Pride season is fully underway in the Northern Hemisphere with huge parades taking place in nearly every major western city. It is a big achievement in a relatively short period of time since the 70s when Pride Marches started out as Gay Liberation protests demanding the decriminalisation of same-sex activity and equal rights. Lesbians and gays marched together with bisexuals, and often the marches were in explicit solidarity with transvestites and people who would today consider themselves to be transgendered; whereas the vast majority of homosexual men and women could blend into the background if they so desired, for a man or woman trapped in the wrong anatomy, blending in was much more problematic.
Thus, was the LGBT movement born. Later on, other categories of sexual identity were also included; the queers, the questioning, the intersexual and the asexual giving us today’s LGBT+ (several variations of which can be seen). Those of us who consider ourselves part of this set of letters cannot keep track of all the latest additions, and new flags seem to be appearing every year!
Despite the huge amount of physical and psychological violence from heterosexuals over centuries towards us – especially in the last century – discrimination has been ever present also WITHIN the LGBT+ collective. Our women have felt marginalised by our men, reflecting the overlapping problems of discrimination against women that exists worldwide and which in reality is a much bigger problem than violence against the LGBT+ collective given the sheer number of women who are killed every year by men in acts of brutal physical violence.
The bisexuals have always been considered as either greedy, or as people who are too afraid to identify as homosexual.
But also within a gender, there are the “straight-acting” gay men who discriminate against the “fems”; and then there is blatant racism, with dating applications full of ignorant human beings whose profiles say things like “No Blacks, no Asians”.
As for the Ts, frequently the Gs and the Ls have a hard time understanding what this transgendered phenomena is, and it’s easy to understand why because the process is so hard, so complicated, so dangerous and so long-lasting, that many of us who are happy with our bodies find it impossible to imagine ourselves in the situation that a trans person finds themselves in. And in this way we repeat the same cycle of discrimination as straight people who find it impossible to imagine having an attraction towards someone of the same sex and are so scared of something different that they immediately dehumanise it and justify their violence.
In Budapest Pride on Saturday an angry group of straight people infiltrated the security cordons set up by the Hungarian police and half way along the route blocked the passage, illustrating the external LGBT+ discrimination we face, and yet internal discrimination was also on display this weekend, this time in London, whose simultaneous Pride March was disrupted by a group of angry Lesbians with messages such as: “Transactivism erases Lesbians,” and, “The trans movement is… coercing lesbians to have sex with men. We firmly condemn this vicious form of anti-lesbianism disguised as progress.”
And all of this goes to illustrate a more profound question. Whereas you can find courses at universities around the world that offer Gender Studies, and while the internet is full of courses and workshops offering people the chance to study their masculinity or femininity, where are the courses, and where are the workshops that allow us to discover what it actually means to be a human being?
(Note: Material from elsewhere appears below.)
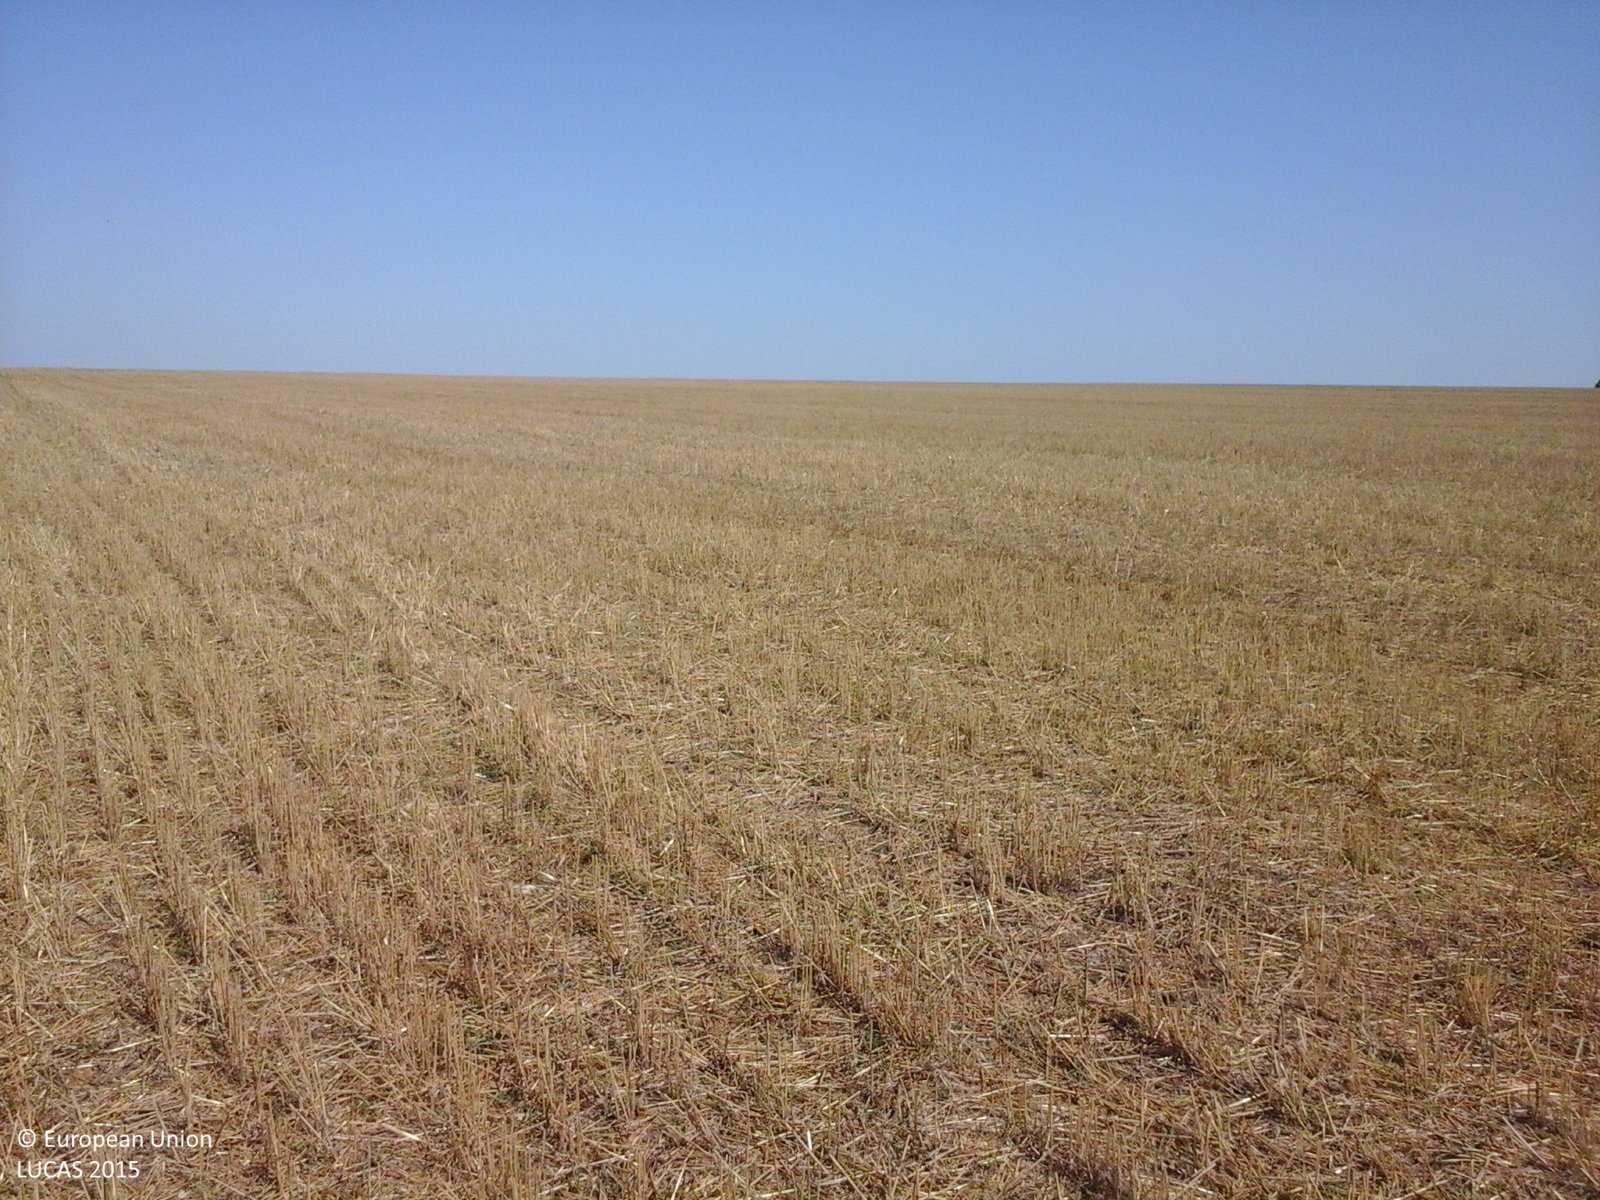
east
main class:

Where can we learn how to develop our capacity to evolve, to change, to live intentionally and to see what is human in others?
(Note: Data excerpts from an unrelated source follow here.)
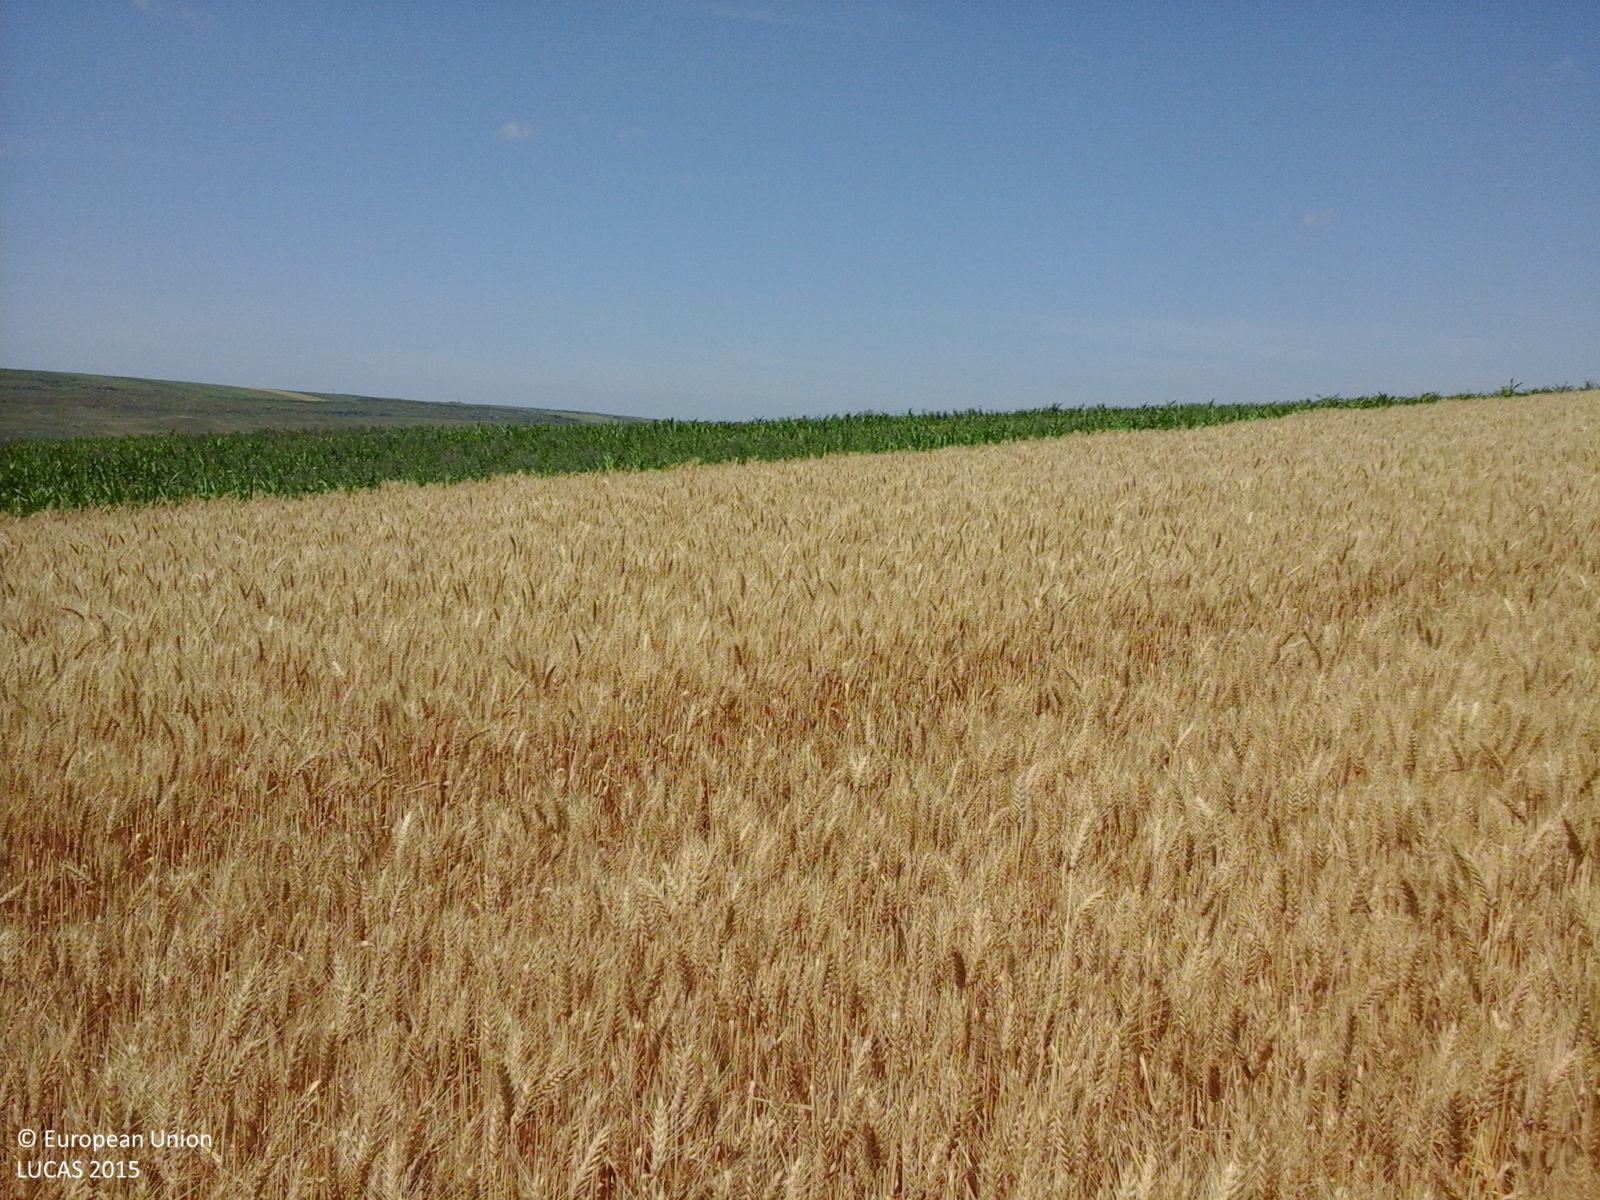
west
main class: Cropland
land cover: Common wheat
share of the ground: > 75 %
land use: Agriculture (excluding fallow land and kitchen gardens)
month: June
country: RO
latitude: 47.2891
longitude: 27.1499

Silo, the spiritual guide from Argentina whose first major public act was a speech in the Andes Mountains called “The Healing of Suffering”, the 50th anniversary of which will be celebrated on the 4th of May 2019 in the small hamlet of Punta de Vacas in Argentina, wrote in his Twelve Principles of Valid Action: It doesn’t matter on which side events have placed you, what matters is that you comprehend that you haven’t chosen any side.
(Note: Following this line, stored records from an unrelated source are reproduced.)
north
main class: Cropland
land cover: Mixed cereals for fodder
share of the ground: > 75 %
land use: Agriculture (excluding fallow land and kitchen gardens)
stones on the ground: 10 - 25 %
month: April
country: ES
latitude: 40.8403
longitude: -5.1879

None of us chose our country, our race, the dominant religion in our community or our gender. Therefore, before we start talking about what it means to be a woman or a man, and before we start protesting against other people who have different interpretations and want to do different things with their genitals, can we please have a conversation about what it means to be human?
Because if we can at least have an idea about what it means to be human, we will start to recognise what is human in each other. And in this discovery, we will find that not only will all violence on the basis of gender, sexual orientation and sexual identity disappear, we will also find that all violence against migrants, against the poor and against those with different religious beliefs will also disappear.
And ultimately when we take these discoveries to their conclusions, we will also find that we have no need for nuclear or conventional weapons and war, and we will also realise that unless we stop our environmental violence immediately there will be no planet left on which human life can survive and what it means to be human will no longer be relevant.